I know that zero-inflated models (e.g. zero-inflated Poisson or negative binomial models) can be used for dependent variables. I also know that in general there are no assumptions for the independent variables (i.e. predictors) in regression analyses. However, I have a quantitative (continuous or count) predictor which has many (say, 40-60%) zeros. When I used it as a quantitative predictor in regression (linear or logistic) I got a small P value (i.e. P<0.01), but when I used it as a binary predictor (zero or not) I got a P value>0.05. Why did it happen? How do I interpret this result?

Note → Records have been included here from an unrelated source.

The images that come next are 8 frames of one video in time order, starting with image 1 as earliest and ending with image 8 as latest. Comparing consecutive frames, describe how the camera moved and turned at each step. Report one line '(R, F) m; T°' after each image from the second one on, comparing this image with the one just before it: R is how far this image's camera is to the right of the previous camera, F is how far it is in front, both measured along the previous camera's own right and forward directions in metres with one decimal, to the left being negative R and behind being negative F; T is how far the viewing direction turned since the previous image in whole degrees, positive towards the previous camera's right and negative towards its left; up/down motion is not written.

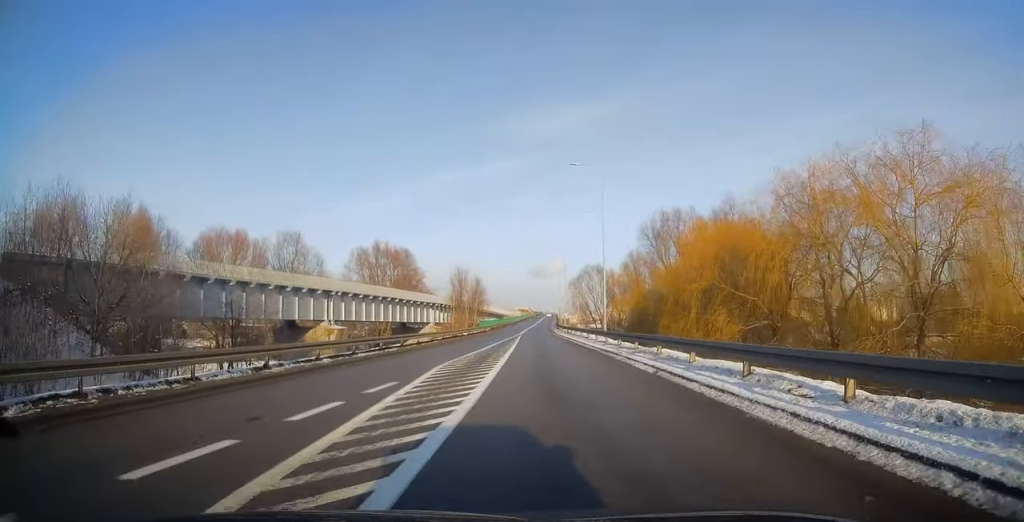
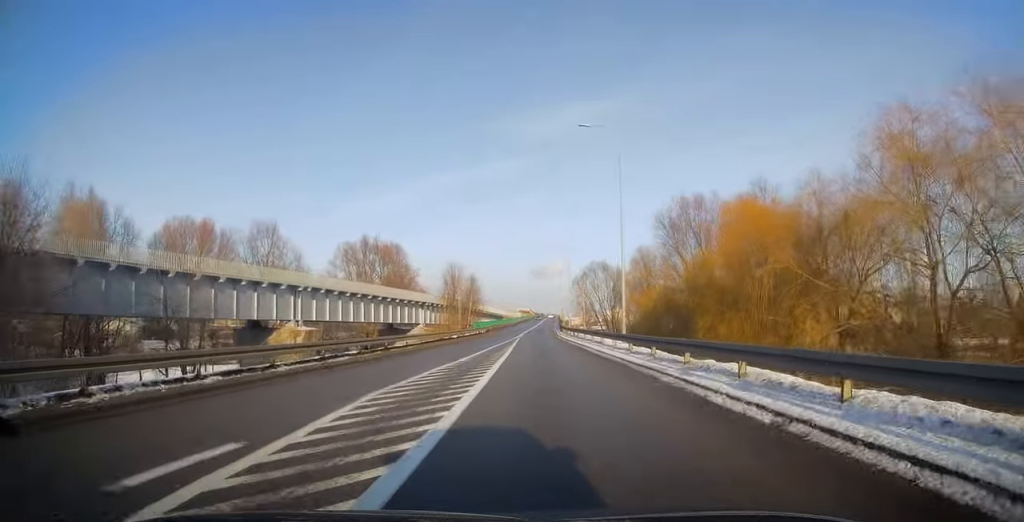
(0.0, +8.1) m; 0°
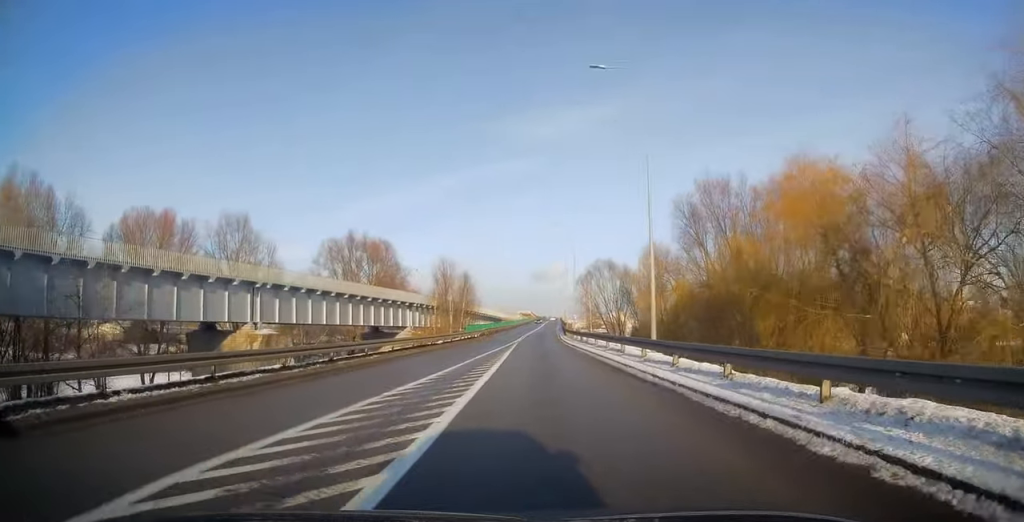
(+0.1, +7.7) m; 0°
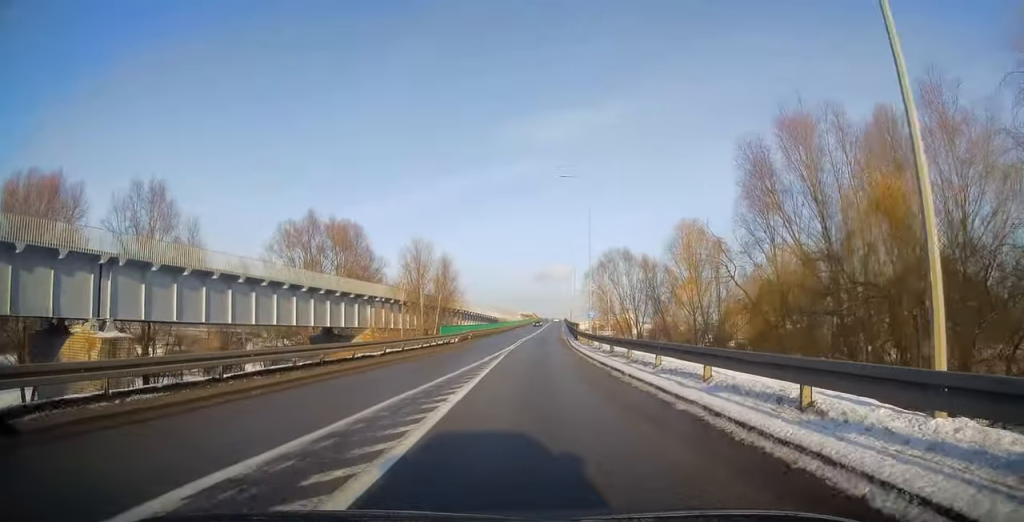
(-0.2, +16.5) m; 0°
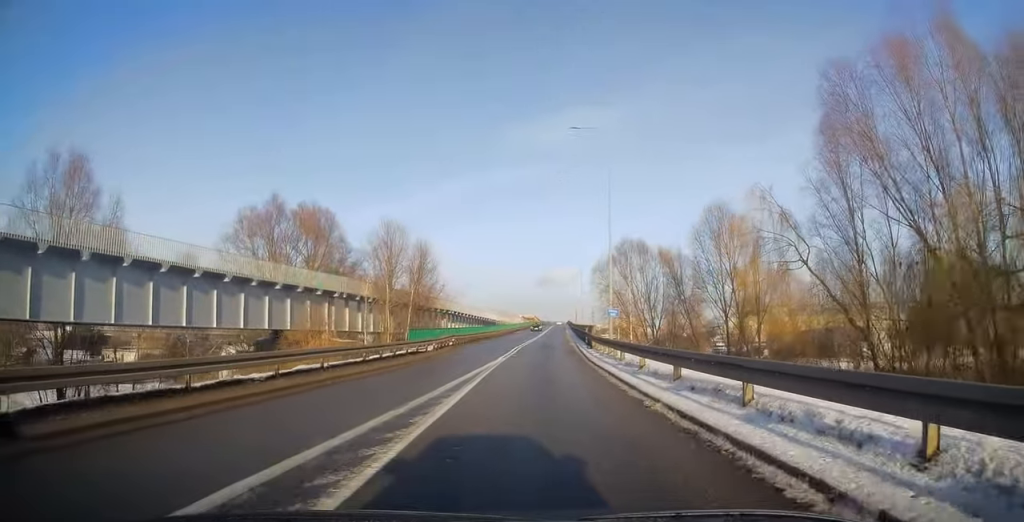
(0.0, +11.0) m; 0°
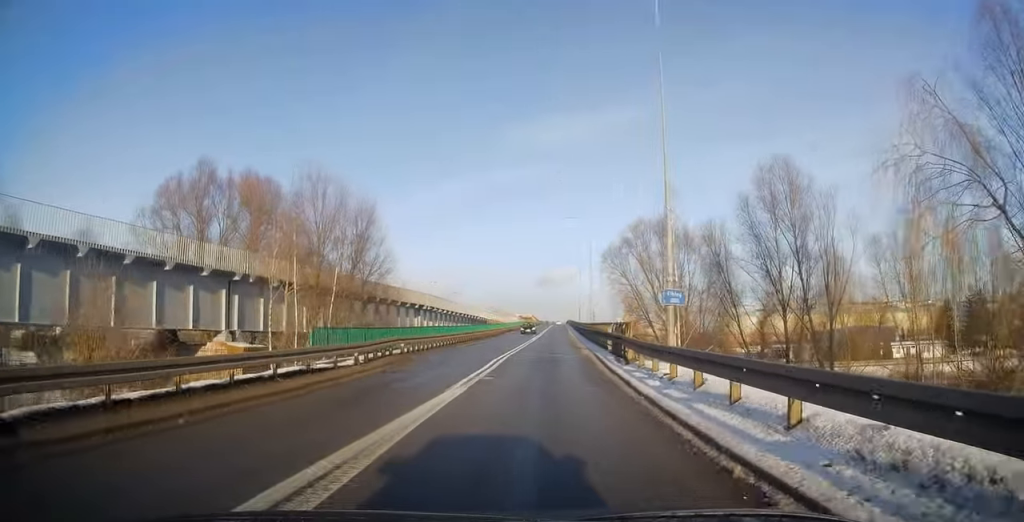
(+0.1, +13.9) m; 0°
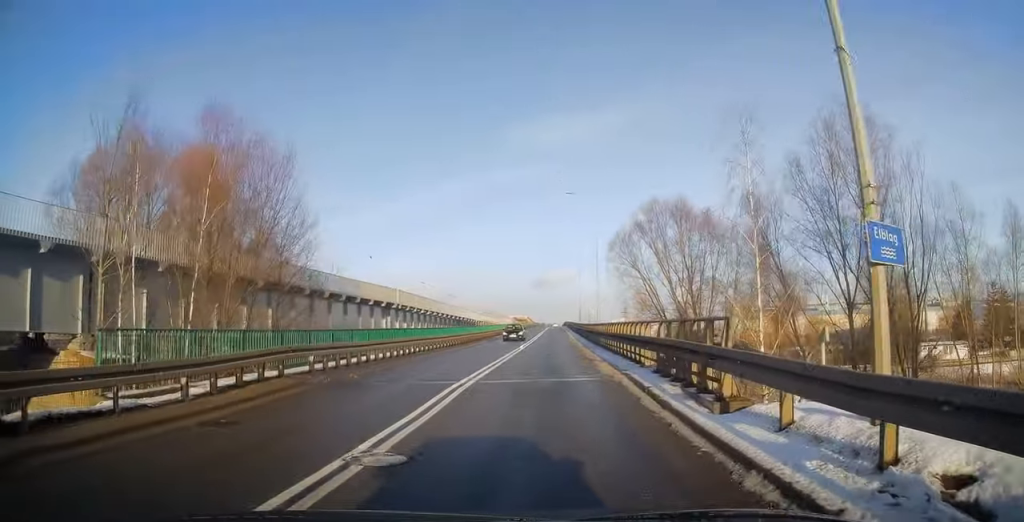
(-0.2, +9.9) m; 0°
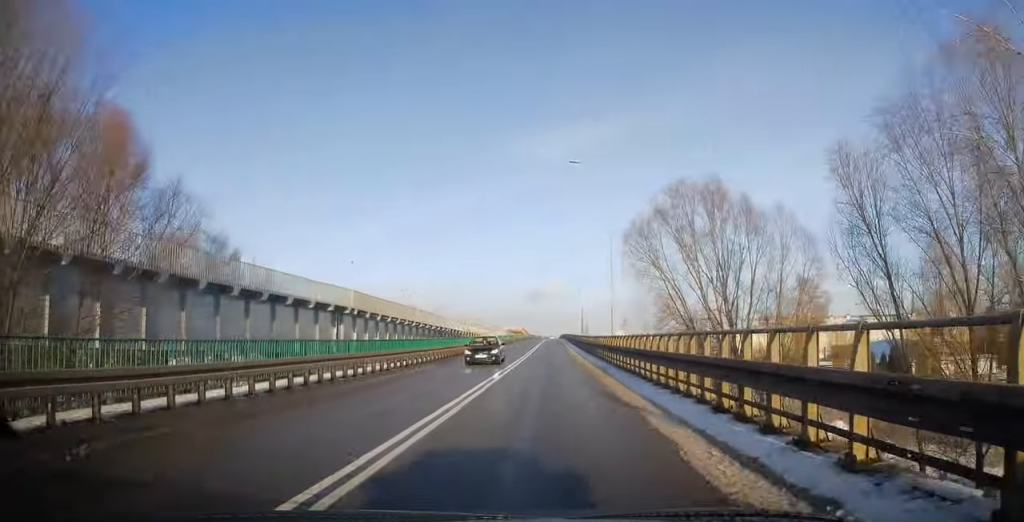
(+0.1, +10.4) m; +1°

So it’s important to think of the source of zero-inflation. Two sources that come to mind are:
- floor effect: your measurement instrument cannot detect values below a certain threshold and so the instrument simply returns zero. Think of a scale with 40 questions supposedly measuring “high-end math knowledge”, so the test is really difficult. For each question, you could be incorrect (0 score) or correct (1 score). A test-taker could be incorrect on all 40 questions resulting in a total score of 0. Assuming the scale is indeed unidimensional/valid for high end math knowledge, this 0 score does not mean the respondent has zero math knowledge. But it suggests their math knowledge is at a level below which the test can detect. If someone administered this test to the general population, you might get a high proportion of zero scores. This scenario can occur in many different contexts. Sometimes, a measurement instrument can only detect differences beyond a threshold, and several respondents are below that threshold. Instruments for physical quantities might simply return a
< Xscore, where X is that threshold.
- true zero: Sometimes, people really have a zero score. For example, this can happen with counts, e.g. how many homes do you own? And sometimes, there is something fundamentally different between someone who does not own their home and someone who owns one or more homes.

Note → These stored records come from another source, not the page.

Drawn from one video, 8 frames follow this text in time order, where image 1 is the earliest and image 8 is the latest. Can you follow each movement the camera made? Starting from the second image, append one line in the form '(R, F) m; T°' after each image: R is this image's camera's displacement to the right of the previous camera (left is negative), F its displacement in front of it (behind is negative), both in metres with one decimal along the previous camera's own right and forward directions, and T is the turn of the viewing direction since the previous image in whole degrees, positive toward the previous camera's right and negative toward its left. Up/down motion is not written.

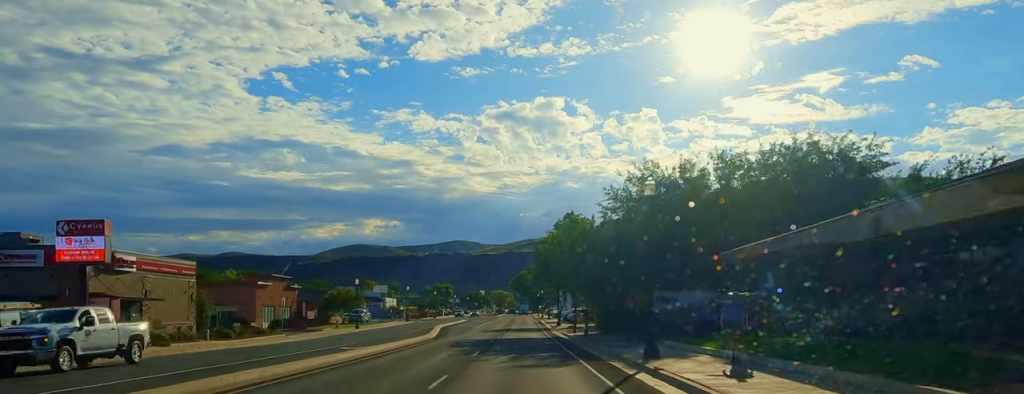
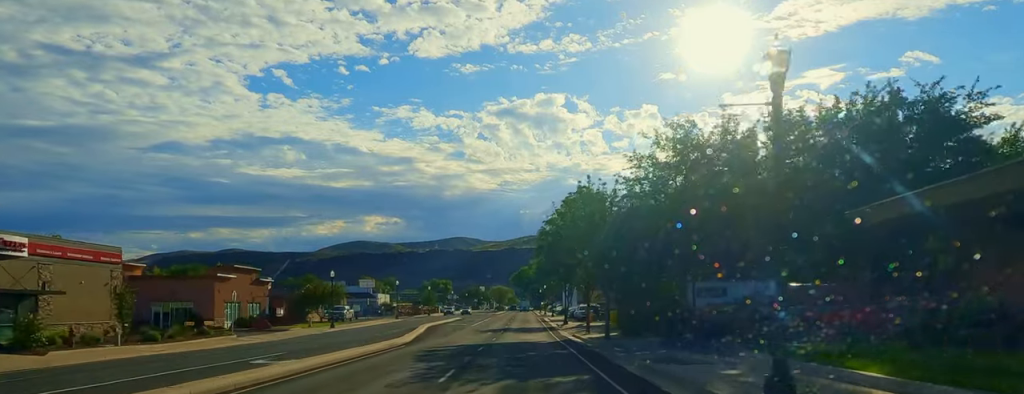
(+0.2, +11.0) m; +1°
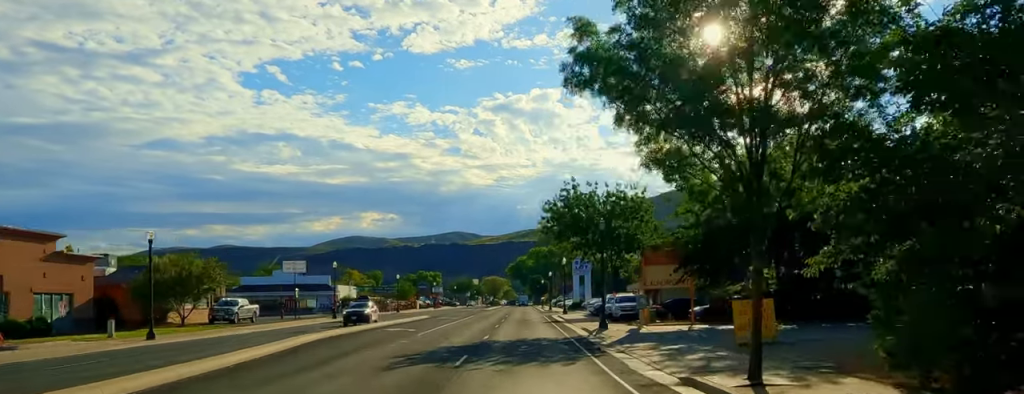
(0.0, +33.8) m; 0°
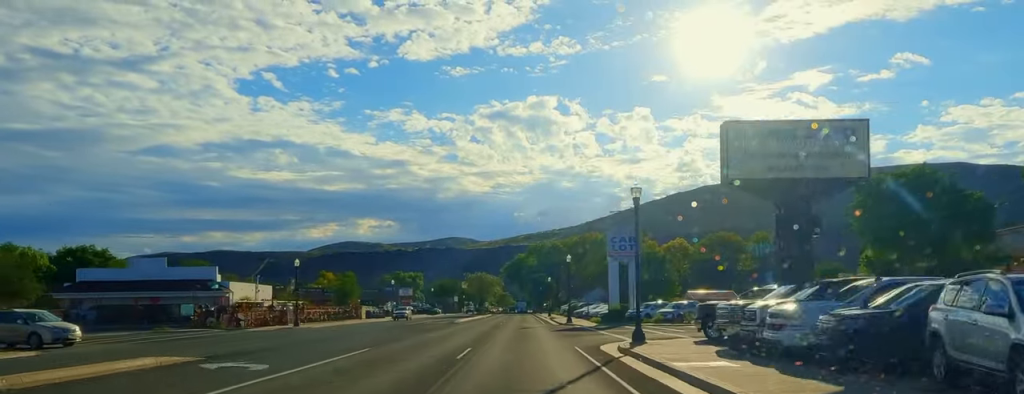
(0.0, +46.3) m; 0°
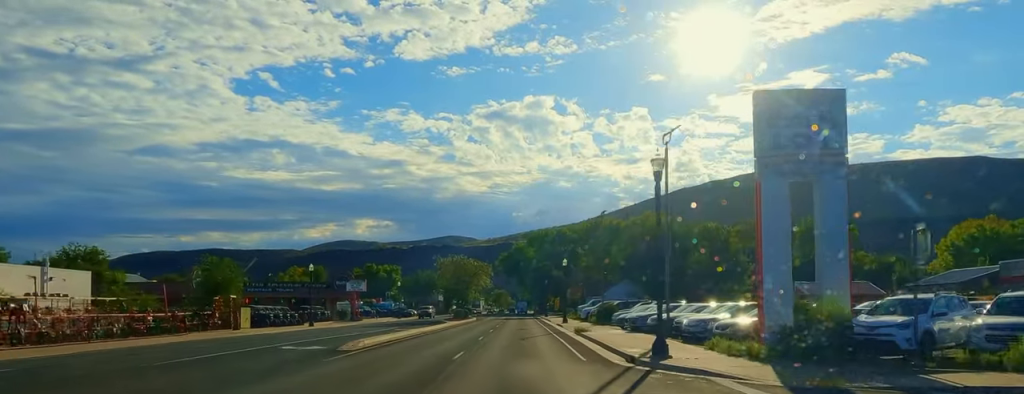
(0.0, +39.0) m; 0°
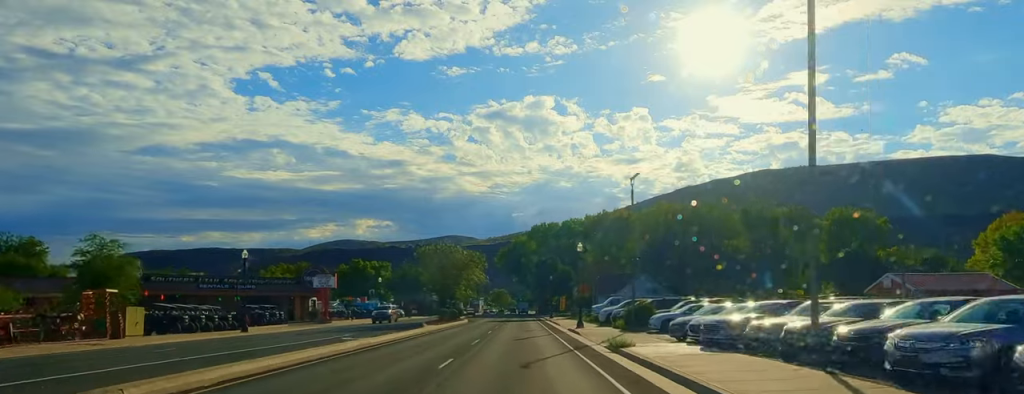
(0.0, +15.3) m; 0°
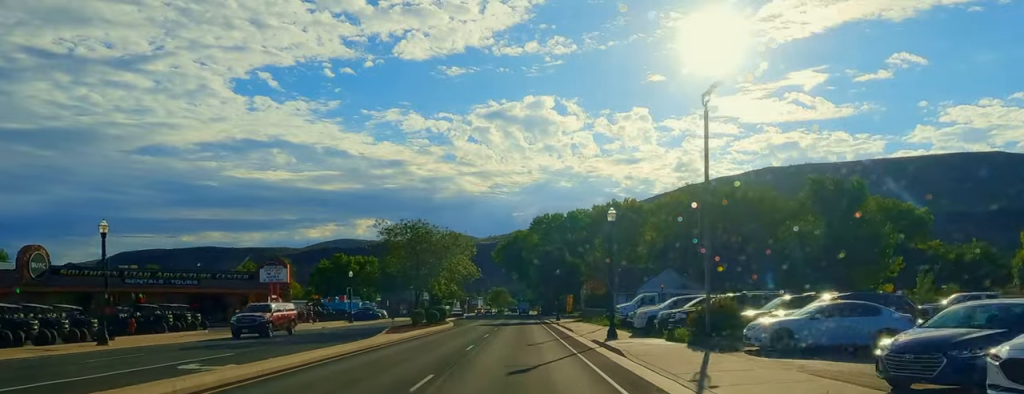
(0.0, +16.3) m; 0°
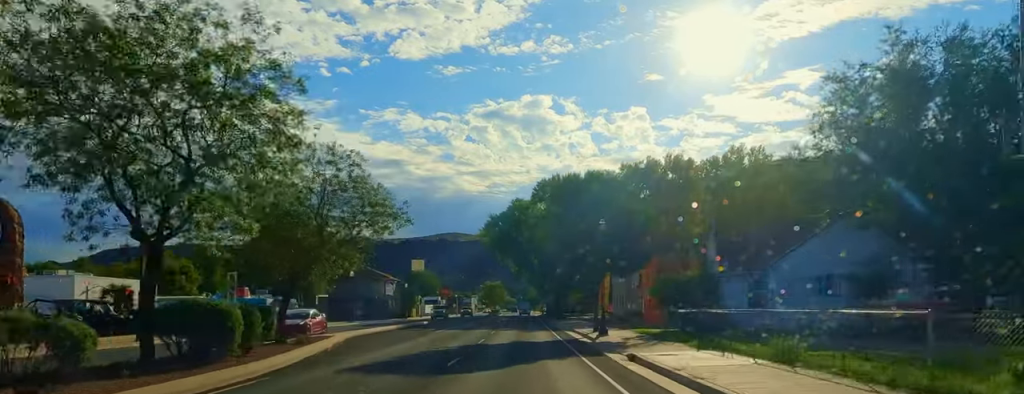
(-0.2, +42.5) m; -3°

So it’s important to think of the source of zeroes and what you’re trying to measure.
In the floor effect situation, I might claim that the math scores would be approximately normally distributed but for the floor effect. So I’d assume we have a normally distributed variable that has been censored at 0. The effect of analyzing with the predictor as is is range restriction which – all other factors held constant – can reduce power. So you could build a model that accommodates a censored predictor – Bayesian modeling should make this easy.
In the true zero situation, I might decide to dichotomize the variable to create two predictors: one binary (homeowner or not) and one continuous (how many homes). Then use both predictors in my model, allowing you to measure the effect of home ownership separate from owning more homes.
These are just two scenarios that come to mind. Also, it’s never clear cut. Number of homes could also be a proxy for another variable, where number of homes is a proxy that cannot detect levels of that variable beneath a threshold. If your interest is in measuring the relation between the outcome and the true variable number of homes is a proxy for, you have another example of a censored predictor.
In all, having a predictor with many zeroes welcomes you to think about why that might be happening. And what you might want to do about it. Also, the easiest viewpoint to take is regression places no assumption on predictor distributions and just proceed with the predictor as is.